I keep coming back to the issue of Audience with my Charts and Graphs. The Audience will have a huge impact on what and how you present you information. After a lot of thought, I realized the large amount of variables one would have to account for when creating a chart or a graph:
Education
Sub-Culture
Media Outlets
Region of Population
Age Groups
There is a lot to account for and the individual will interpret the data how they see fit. There is a lot to be said for the image itself though and how it is constructed.
Richard,
ReplyDeleteI think your chart 2.0 is a really nice improvement both in terms of content and presentation—it looks much cleaner, and I could parse the connections more easily.

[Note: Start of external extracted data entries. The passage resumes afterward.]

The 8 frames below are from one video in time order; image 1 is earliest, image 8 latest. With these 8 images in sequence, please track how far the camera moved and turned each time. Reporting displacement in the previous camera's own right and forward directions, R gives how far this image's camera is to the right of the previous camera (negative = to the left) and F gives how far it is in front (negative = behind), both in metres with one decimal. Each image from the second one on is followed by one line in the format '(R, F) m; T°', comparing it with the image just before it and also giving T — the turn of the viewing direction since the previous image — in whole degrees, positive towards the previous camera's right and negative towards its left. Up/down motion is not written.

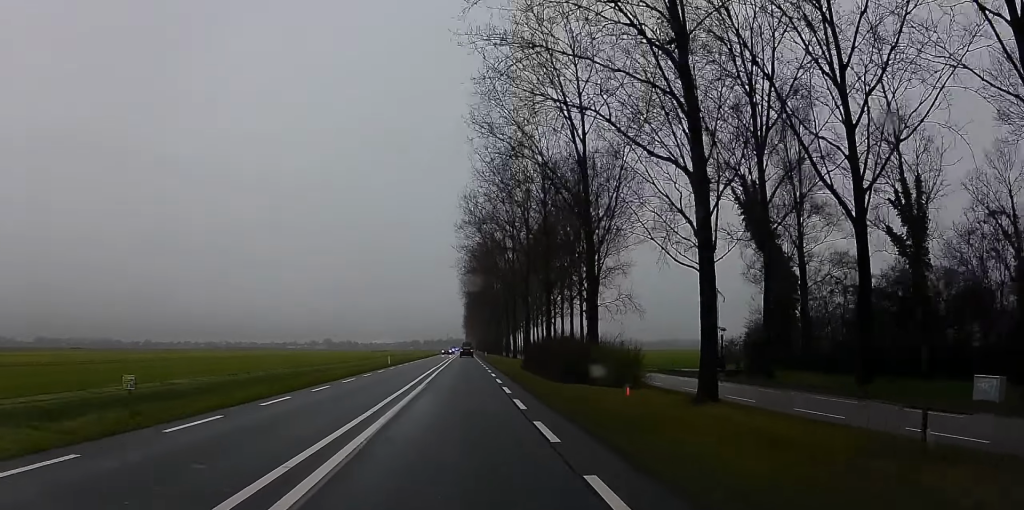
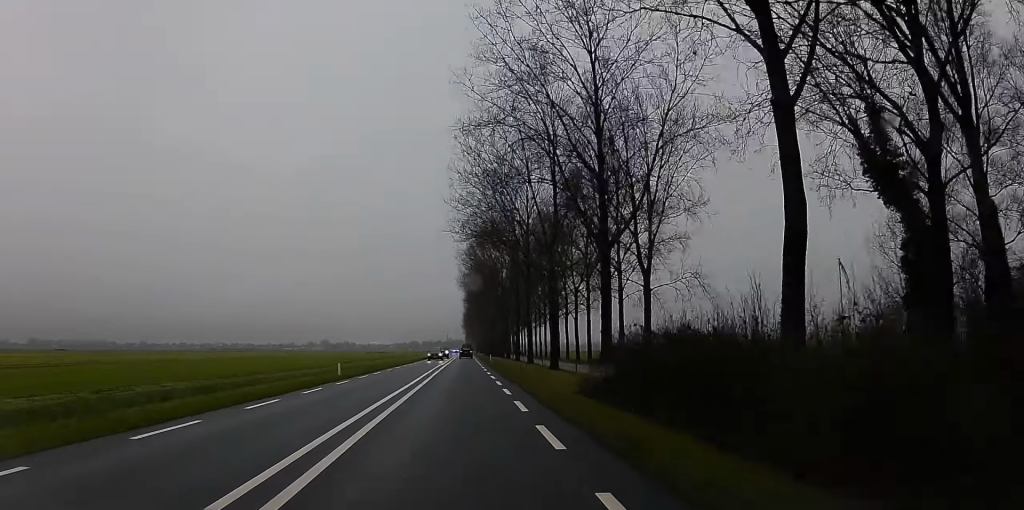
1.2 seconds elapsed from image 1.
(+0.6, +25.3) m; 0°
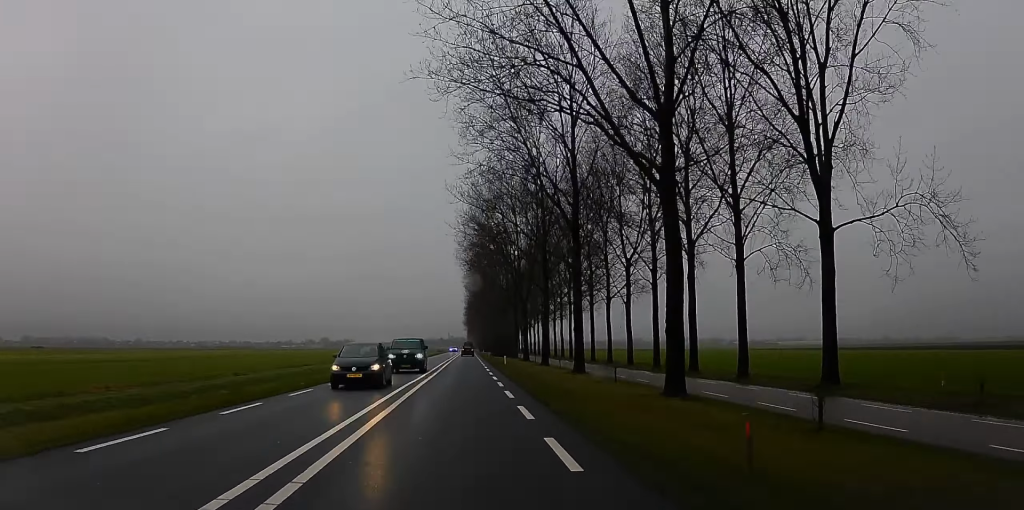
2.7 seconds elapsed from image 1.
(-1.0, +31.3) m; -2°
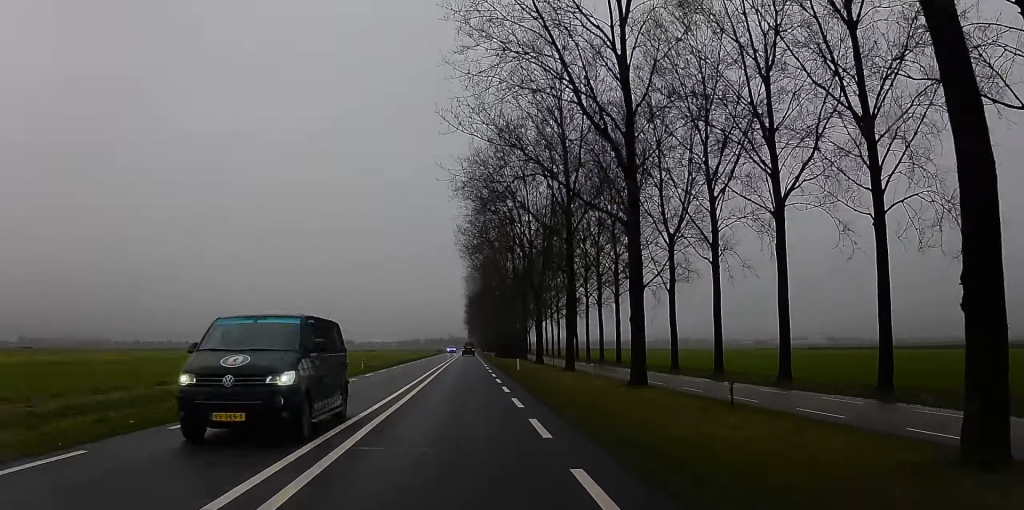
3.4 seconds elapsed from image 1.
(+0.4, +15.4) m; 0°
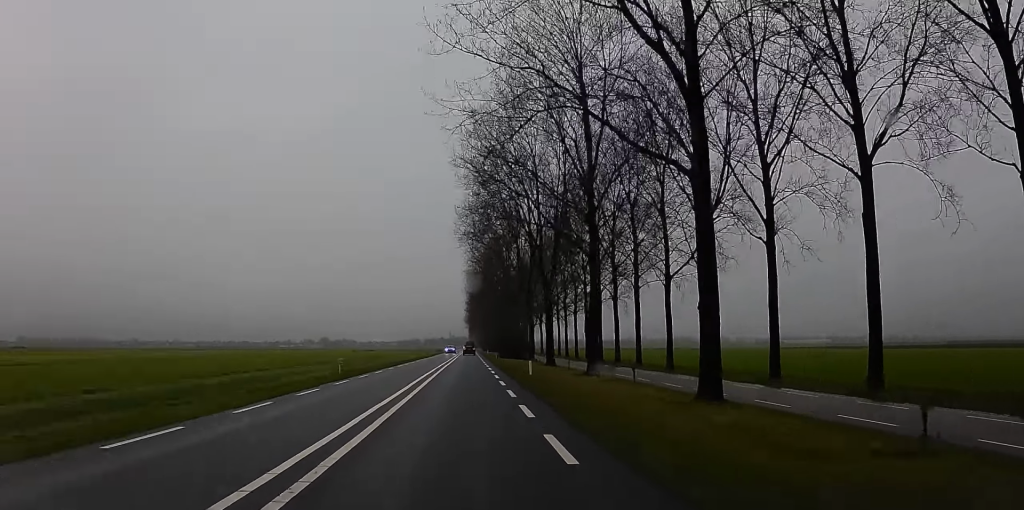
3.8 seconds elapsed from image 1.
(-0.1, +8.6) m; 0°
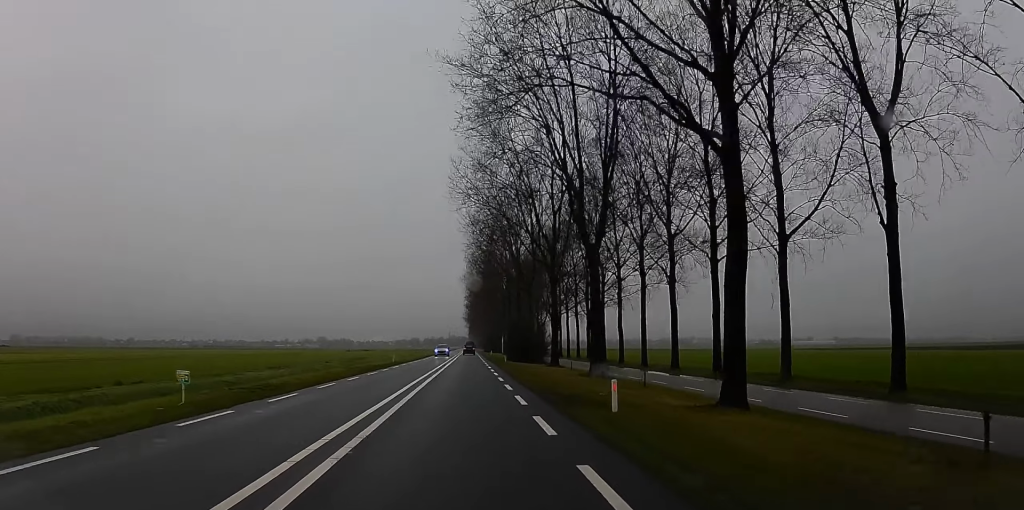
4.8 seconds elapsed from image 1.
(-0.1, +21.5) m; 0°
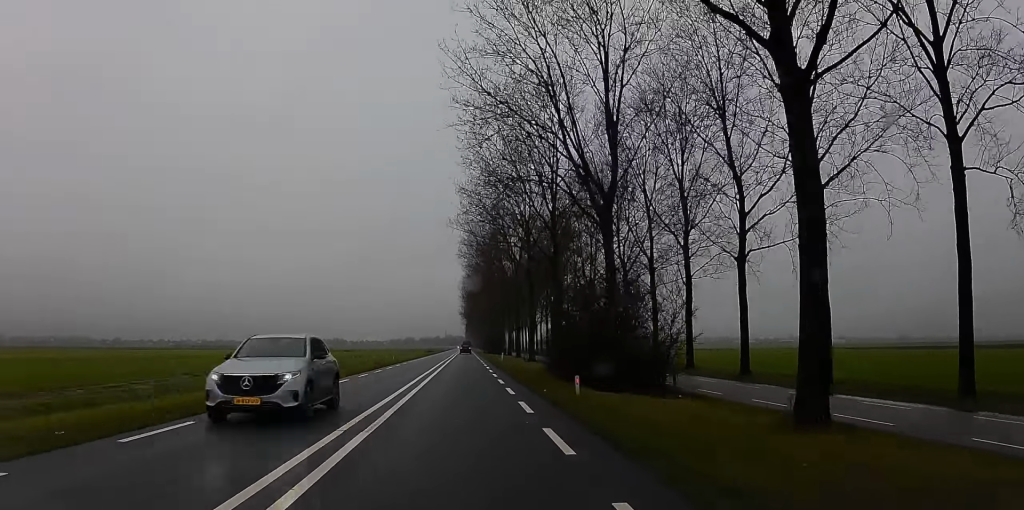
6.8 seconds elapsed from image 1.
(-0.1, +44.2) m; -1°
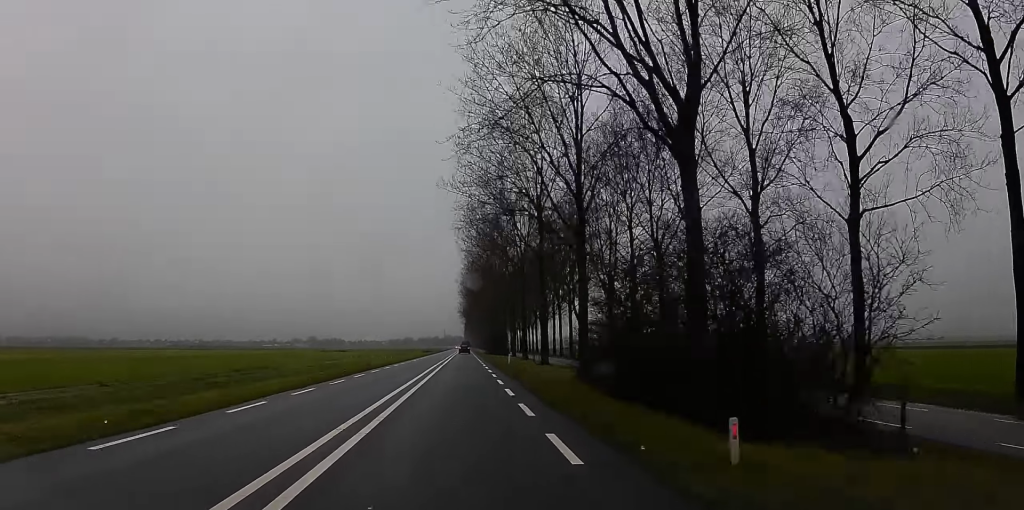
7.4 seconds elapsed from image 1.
(0.0, +13.0) m; 0°

As weird as it may sound, the theorists I most see informing your chart are Adorno & Horkheimer, Debord, and Acconci. To explain, I see your chart as approaching the rhetorical struggle that happens via media. There is a tension between trying to manipulate our audience with spectacle and trying to meaningfully negotiate our audiences’ commitments with our own. Your address of the ethics of this situation is something unique, I think, insofar as we tend to look at issues of power and media, but not necessarily issues of right and wrong.
I would like to see the ethical component of what you are doing more foregrounded because, as I said, I do not think we have really discussed the ethics of mediation thusfar. How would this look? Which ethical systems would be used? I think it would be interesting to look back at some of the theorists that we have read and explore how they position themselves in terms of normativity: are they concerned with ethics, or are they merely concerned with power differentials? Is there an ethical subtext when we are talking about power differences, or is there merely one group’s interests versus another’s?
I think it should be clear from my response, but one thing that your chart helps me to see that traditional academic writing might not be able to articulate is that media are ethically ambiguous. It is easy to think about media rhetorically, but my brain starts to revolt when I try thinking about media ethically. It hurts in a good way. Thanks!